═══ RECORDS FOR THE EXERCISE ═══
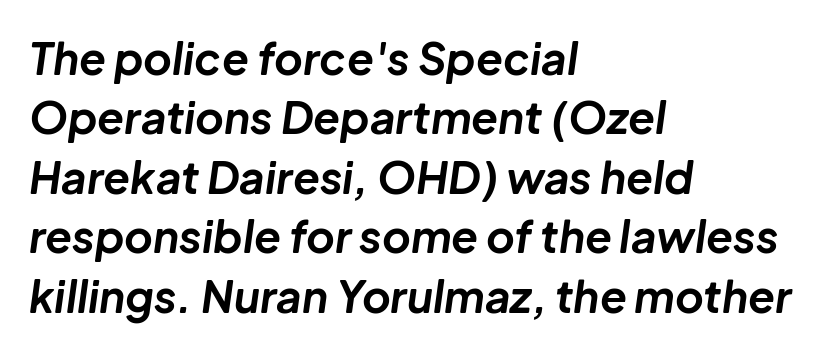
Q: Is the text bold? A: Yes.
Q: Is the text italic (slanted)? A: Yes, it leans right by about 8 degrees.
Q: Is the text underlined? A: No.
Q: How is the paragraph aligned? A: Left-aligned.
Q: Is the spacing between letters normal or unusually wide? A: Normal.
Q: Is the spacing between lines tight, normal or loose? A: Normal.
Q: Width (condensed, normal, or wide)? A: Normal.
Q: Stroke contrast? A: Low.
Q: x-height? A: Medium.
Q: Monospaced? A: No.
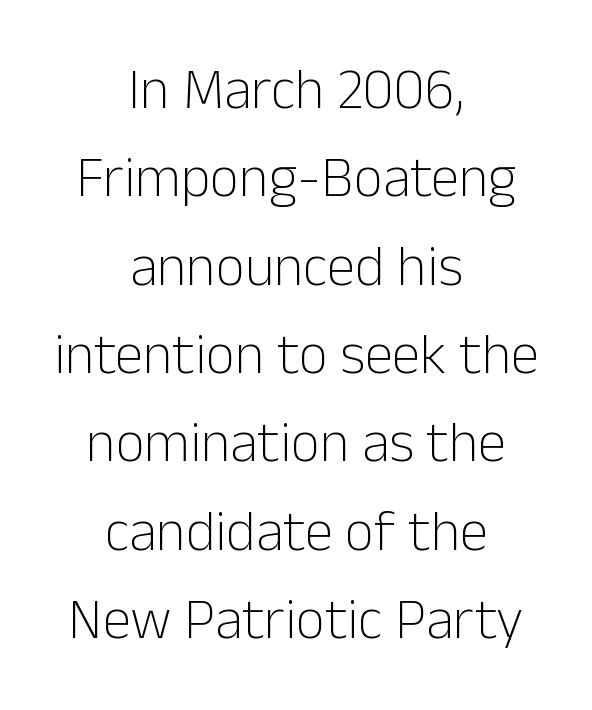
Note the varied advance widths — an 'i' is clearly narrower than an 'm'. Does the lettering tilt? It doesn't — this is upright. The paragraph has two soft edges and a firm central axis. The gaps between neighbouring characters are ordinary and unremarkable.
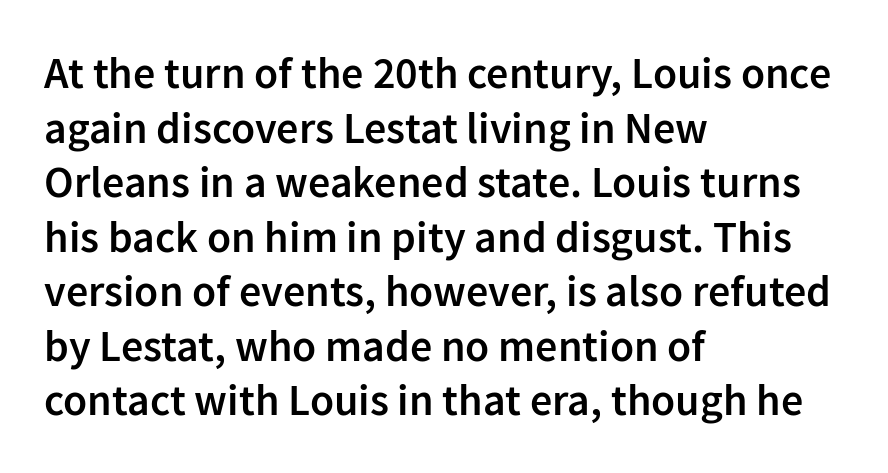
The image shows 44 px semibold sans-serif type, upright; set left-aligned, line spacing 1.24x, normal letter spacing, not underlined; low stroke contrast and a medium x-height.
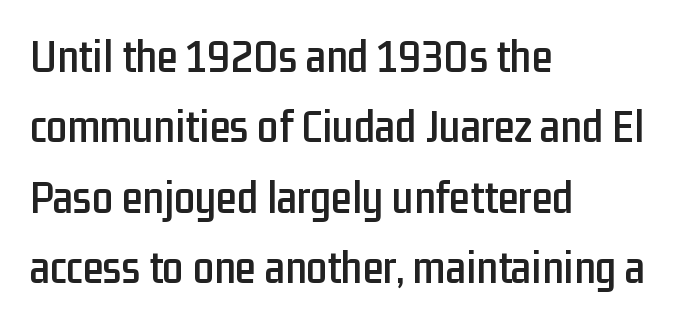
The image shows 47 px condensed sans-serif type, upright; set left-aligned, normal line spacing (1.5x), normal letter spacing, not underlined; low stroke contrast and a medium x-height.
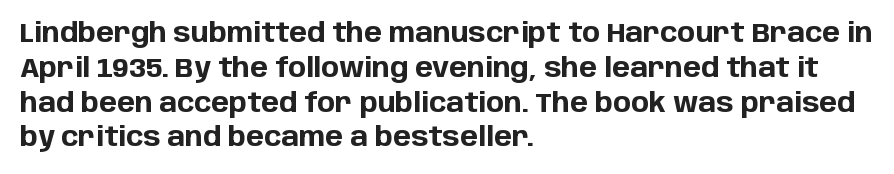
Q: Is the text bold? A: Yes.
Q: Is the text italic (slanted)? A: No, it is upright.
Q: Is the text underlined? A: No.
Q: How is the paragraph aligned? A: Left-aligned.
Q: Is the spacing between letters normal or unusually wide? A: Normal.
Q: Is the spacing between lines tight, normal or loose? A: Normal.
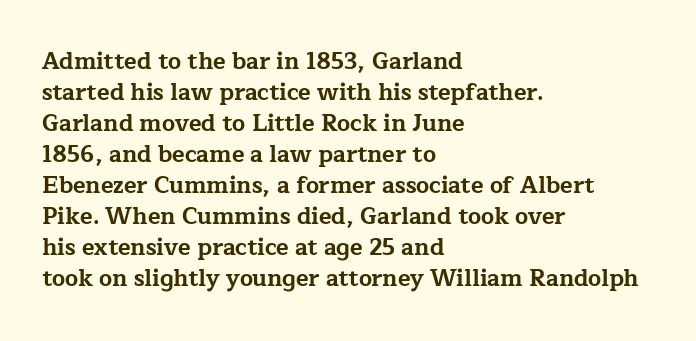
The image shows 23 px bold type, upright; set left-aligned, normal line spacing (1.35x), normal letter spacing, not underlined.
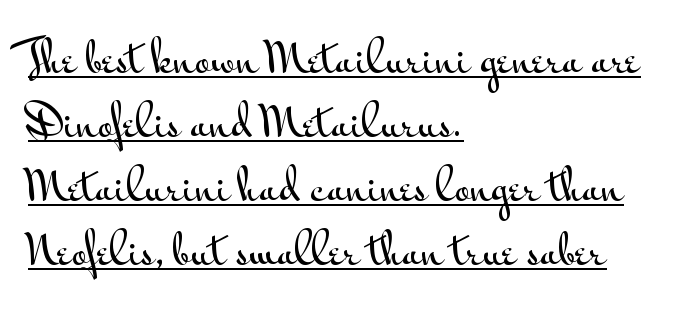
═══
[TASK ITEM] Give again, exactly as written, the lines from the one with "Q: Monospaced? A: No." through the last line of the entries above, but skip the pictures.

[EXERCISE RESPONSE]
Q: Monospaced? A: No.
Note the varied advance widths — an 'i' is clearly narrower than an 'm'. Does the lettering tilt? It doesn't — this is upright. The paragraph has two soft edges and a firm central axis. The gaps between neighbouring characters are ordinary and unremarkable.
The image shows 44 px semibold sans-serif type, upright; set left-aligned, line spacing 1.24x, normal letter spacing, not underlined; low stroke contrast and a medium x-height.
The image shows 47 px condensed sans-serif type, upright; set left-aligned, normal line spacing (1.5x), normal letter spacing, not underlined; low stroke contrast and a medium x-height.
Q: Is the text bold? A: Yes.
Q: Is the text italic (slanted)? A: No, it is upright.
Q: Is the text underlined? A: No.
Q: How is the paragraph aligned? A: Left-aligned.
Q: Is the spacing between letters normal or unusually wide? A: Normal.
Q: Is the spacing between lines tight, normal or loose? A: Normal.
The image shows 23 px bold type, upright; set left-aligned, normal line spacing (1.35x), normal letter spacing, not underlined.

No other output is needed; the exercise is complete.